BFH Beschluss v. - III B 62/99

Gründe

I. Der Antragsteller und Beschwerdeführer (Antragsteller) war in den Jahren 1991 bis 1993 (Streitjahre) Inhaber eines Imbissbetriebes. Im Jahr 1994 führte der Beklagte (das Finanzamt —FA—) bei dem Antragsteller eine Betriebsprüfung für die Streitjahre durch. Hierbei stellte er fest, dass die vom Antragsteller vorgelegten Kassenaufzeichnungen durch die damalige steuerliche Vertreterin nachträglich gefertigt worden waren, die hierzu verwendeten Uraufzeichnungen des Steuerpflichtigen nicht mehr vorhanden, in den Prüfungszeiträumen 1991 und 1992 Wareneinkäufe nur teilweise erklärt und über den gesamten Prüfungszeitraum hohe Kalkulationsdifferenzen sichtbar waren. Aufgrund dieser Feststellungen ging das FA davon aus, dass zu den erklärten Erlösen bzw. Umsätzen Hinzuschätzungen in Form von Sicherheitszuschlägen erforderlich seien und änderte die streitgegenständlichen, unter dem Vorbehalt der Nachprüfung gemäß § 164 Abs. 1 der Abgabenordnung (AO 1977) stehenden Bescheide entsprechend ab.
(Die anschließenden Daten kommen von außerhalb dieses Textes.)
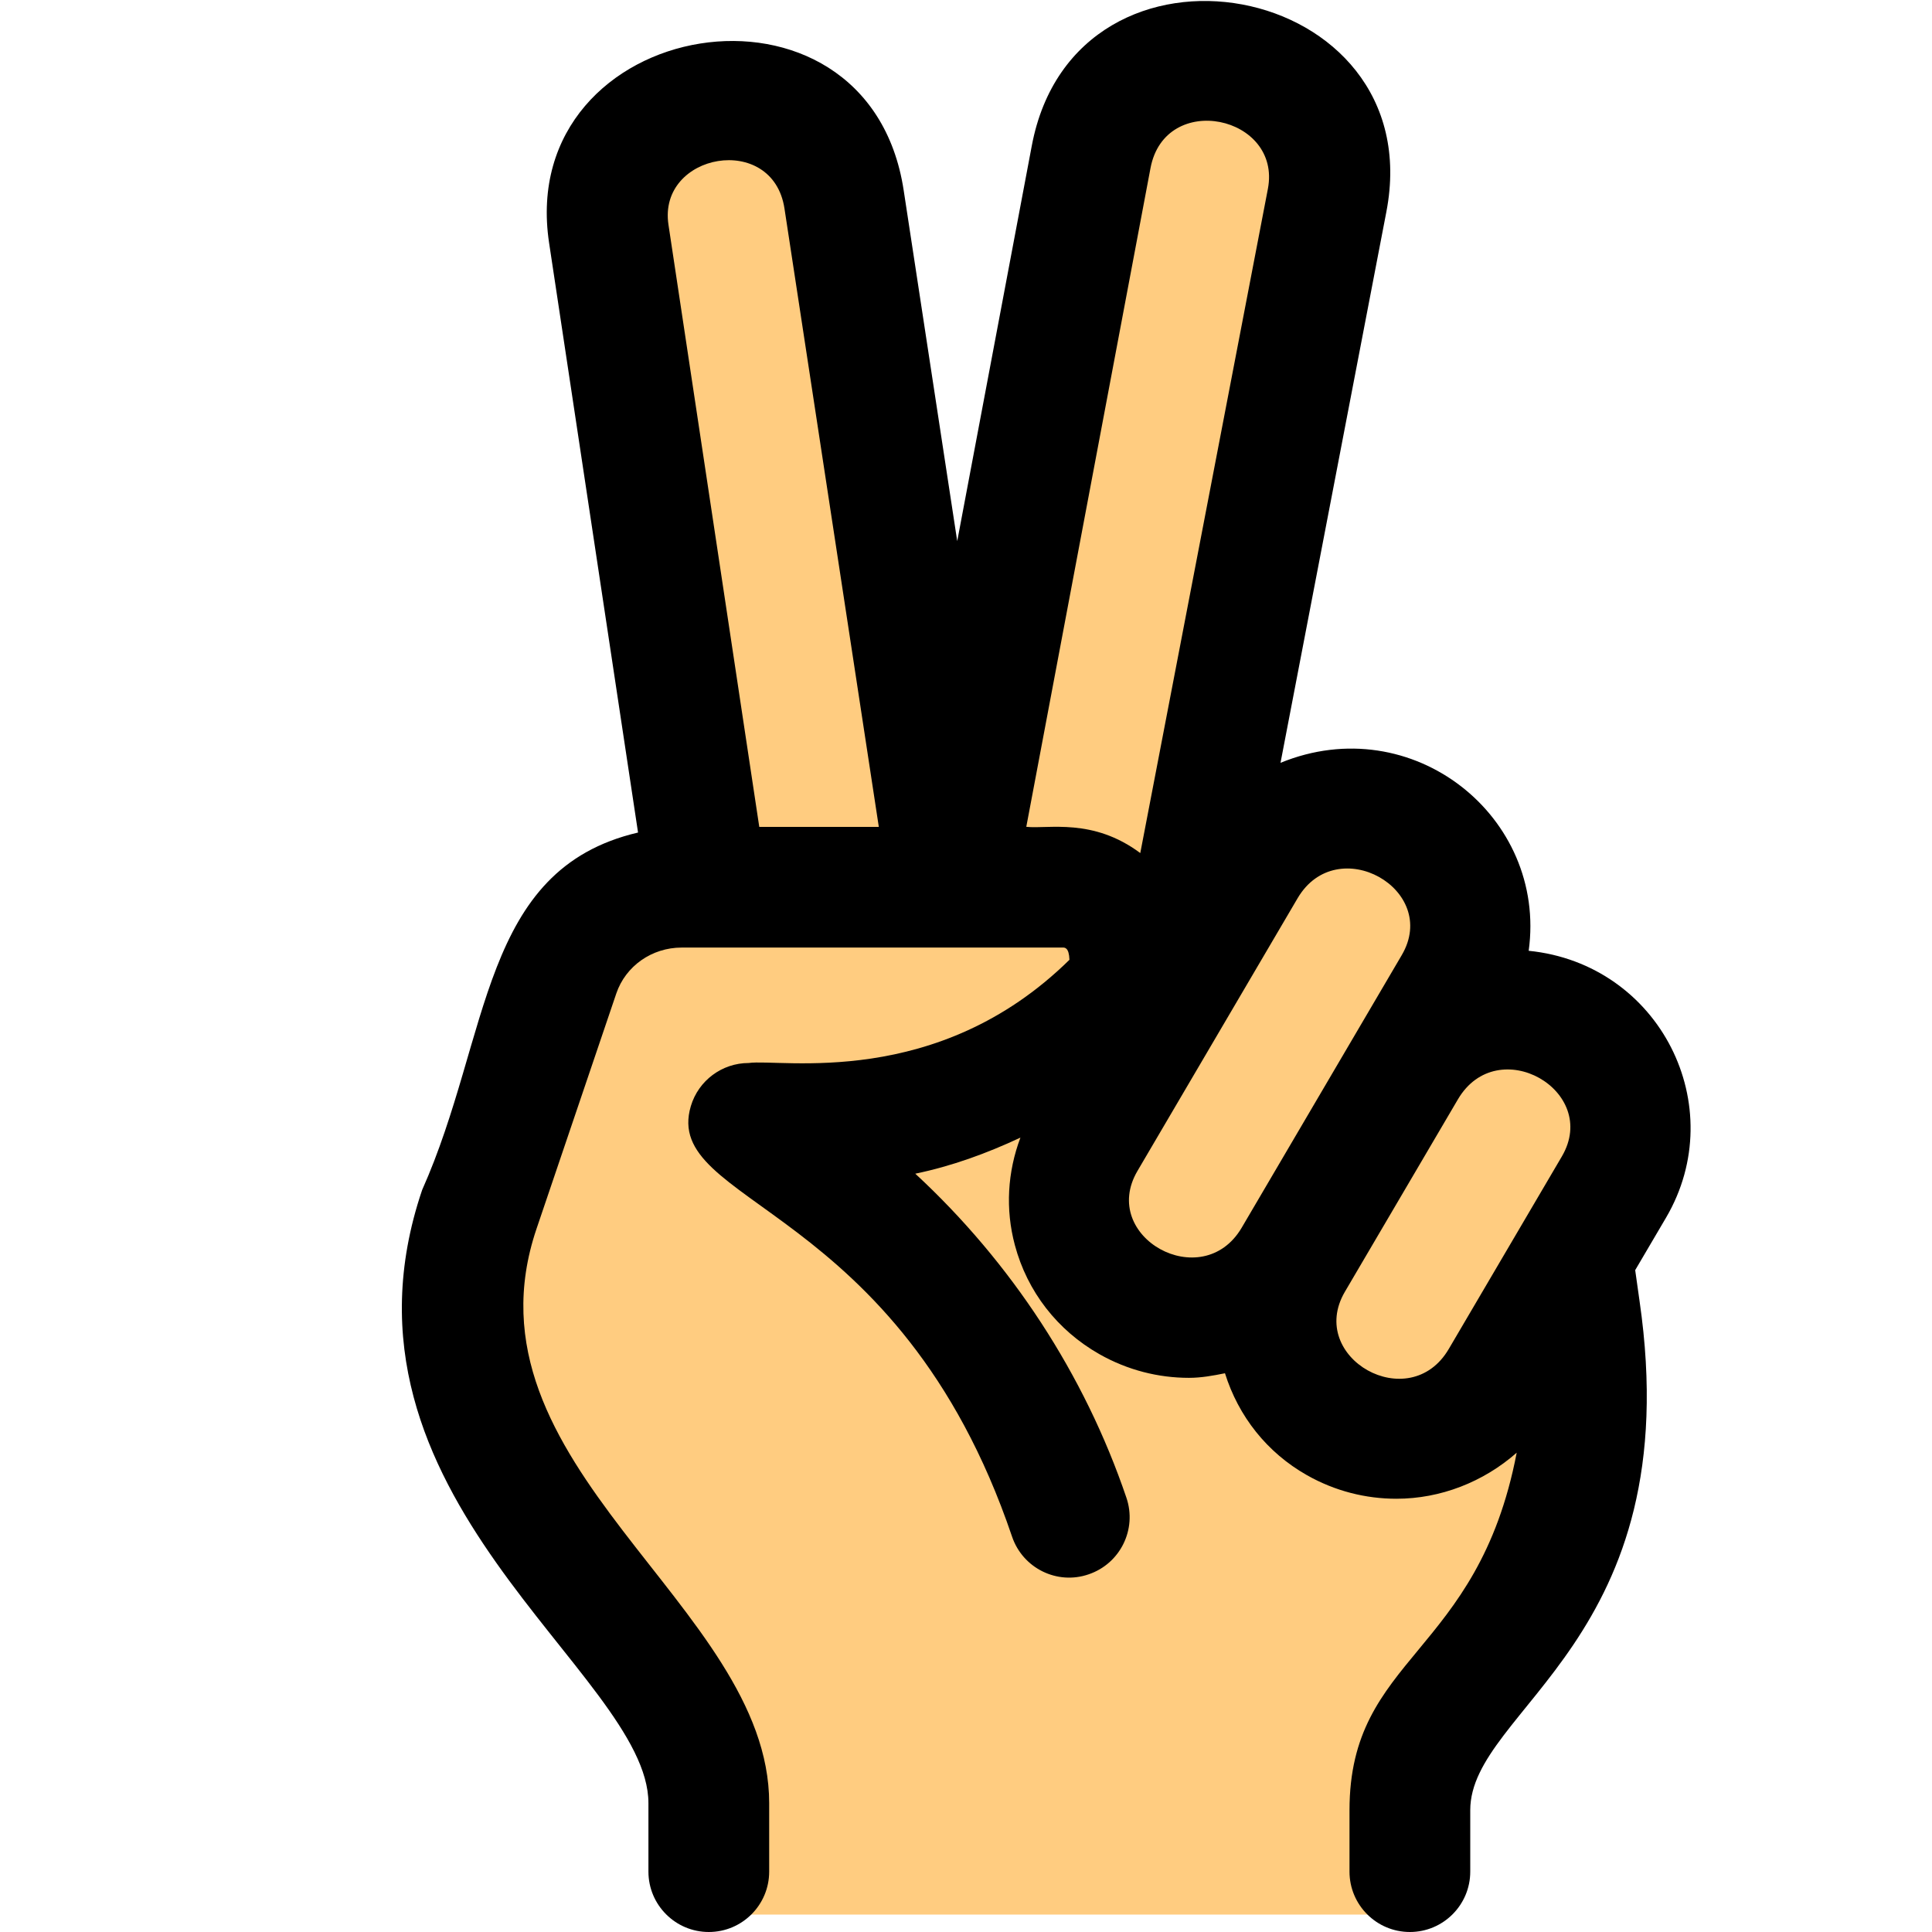 <svg enable-background="new 0 0 24 24" height="512" viewBox="0 0 24 24" width="512" xmlns="http://www.w3.org/2000/svg"><g fill="#ffcc80"><path d="m11.423 11.039c-1.473-7.649-.746-9.818-2.422-9.818-.321 0-.619.142-.829.371-.572.69-.139.689 1.039 9.447z"/><path d="m14.292 11.573c1.739-9.876 1.824-10.364 1.614-10.615-.583-.697-1.758-.428-1.935.502l-1.78 9.469c.48.063 1.465-.249 2.101.644z"/><path d="m19.896 16.297c-.088.154-.5.06-1.064-.176.318-.596.624-1.243.977-1.7.31-.524.133-1.189-.398-1.495-1.126-.625-1.723.67-2.551 2.159-.176-.107-.352-.219-.527-.331.649-1.109 1.562-2.67 1.599-2.734.467-.819-.242-1.833-1.249-1.604-.668.177-.708.617-2.134 3.047-.806-.675-1.291-1.276-1.018-1.549.161-.175.107-.36.075-.436-.163-.495-.805-.091-5.463-.24-1.39 0-1.241 1.763-2.2 4.091-.899 2.717 1.379 4.273 2.619 6.491.616.907.459 1.753.483 1.964h8.318c.019-.142-.138-1.156.623-2.051l.354-.425c.859-1.058 1.653-3.854 1.675-5.206z"/></g><path d="m5.244 14.782c-1.293 3.812 2.811 5.998 2.811 7.617v.851c0 .414.336.75.75.75s.75-.336.75-.75v-.851c0-2.461-3.888-4.19-2.89-7.135l.991-2.923c.116-.341.442-.57.812-.57h4.737c.022 0 .075 0 .08.152-1.644 1.618-3.587 1.225-3.984 1.282-.332 0-.624.218-.719.535-.369 1.237 2.577 1.181 3.99 5.348.133.393.56.604.951.469.393-.133.603-.559.47-.951-.521-1.534-1.431-2.923-2.623-4.026.455-.094.889-.253 1.306-.448-.16.426-.189.887-.069 1.335.154.577.528 1.059 1.052 1.356.35.198.732.293 1.111.293.151 0 .3-.027.447-.057.168.536.522.985 1.018 1.266.351.199.733.293 1.112.293.547 0 1.079-.207 1.494-.572-.485 2.528-2.077 2.519-2.077 4.441v.763c0 .414.336.75.75.75s.75-.336.75-.75v-.763c0-1.266 2.716-2.109 2.103-6.326l-.054-.383.384-.653c.809-1.382-.076-3.15-1.707-3.314.229-1.666-1.444-3.006-3.083-2.335l1.315-6.845c.556-2.884-3.861-3.711-4.405-.819l-.926 4.91-.665-4.357c-.443-2.915-4.83-2.167-4.405.652l1.105 7.325c-1.961.459-1.827 2.525-2.682 4.44zm14.159-.418-1.405 2.392c-.49.838-1.769.109-1.292-.708l1.405-2.392c.493-.837 1.768-.107 1.292.708zm-1.99-2.499-1.99 3.389c-.491.827-1.773.11-1.293-.708l1.99-3.389c.491-.831 1.772-.107 1.293.708zm-3.121-9.777c.182-.962 1.633-.65 1.458.259l-1.585 8.25c-.592-.441-1.142-.296-1.416-.326zm-4.547.502 1.172 7.682h-1.485l-1.128-7.48c-.135-.891 1.296-1.152 1.441-.202z"/></svg>

Der Einspruch des Antragstellers hatte keinen Erfolg. Mit der Einspruchsentscheidung erhöhte das FA die für die Streitjahre anzusetzenden Gewinne erneut, da nicht abzugsfähige Kosten für Fahrten zwischen Wohnung und Arbeitsstätte bisher zu Unrecht als Betriebsausgaben berücksichtigt worden seien.

Am hat der Antragsteller Klage erhoben und beantragt, die streitgegenständlichen Bescheide aufzuheben. Mit Schreiben vom beantragte der Antragsteller, ihm für das Hauptsacheverfahren Prozesskostenhilfe (PKH) unter Beiordnung seines anwaltlichen Vertreters zu bewilligen. Der Antrag hatte keinen Erfolg. Mit Beschluss vom lehnte das Finanzgericht (FG) den Antrag auf PKH ab, da das vom Antragsteller beabsichtigte Klageverfahren keine hinreichende Aussicht auf Erfolg habe.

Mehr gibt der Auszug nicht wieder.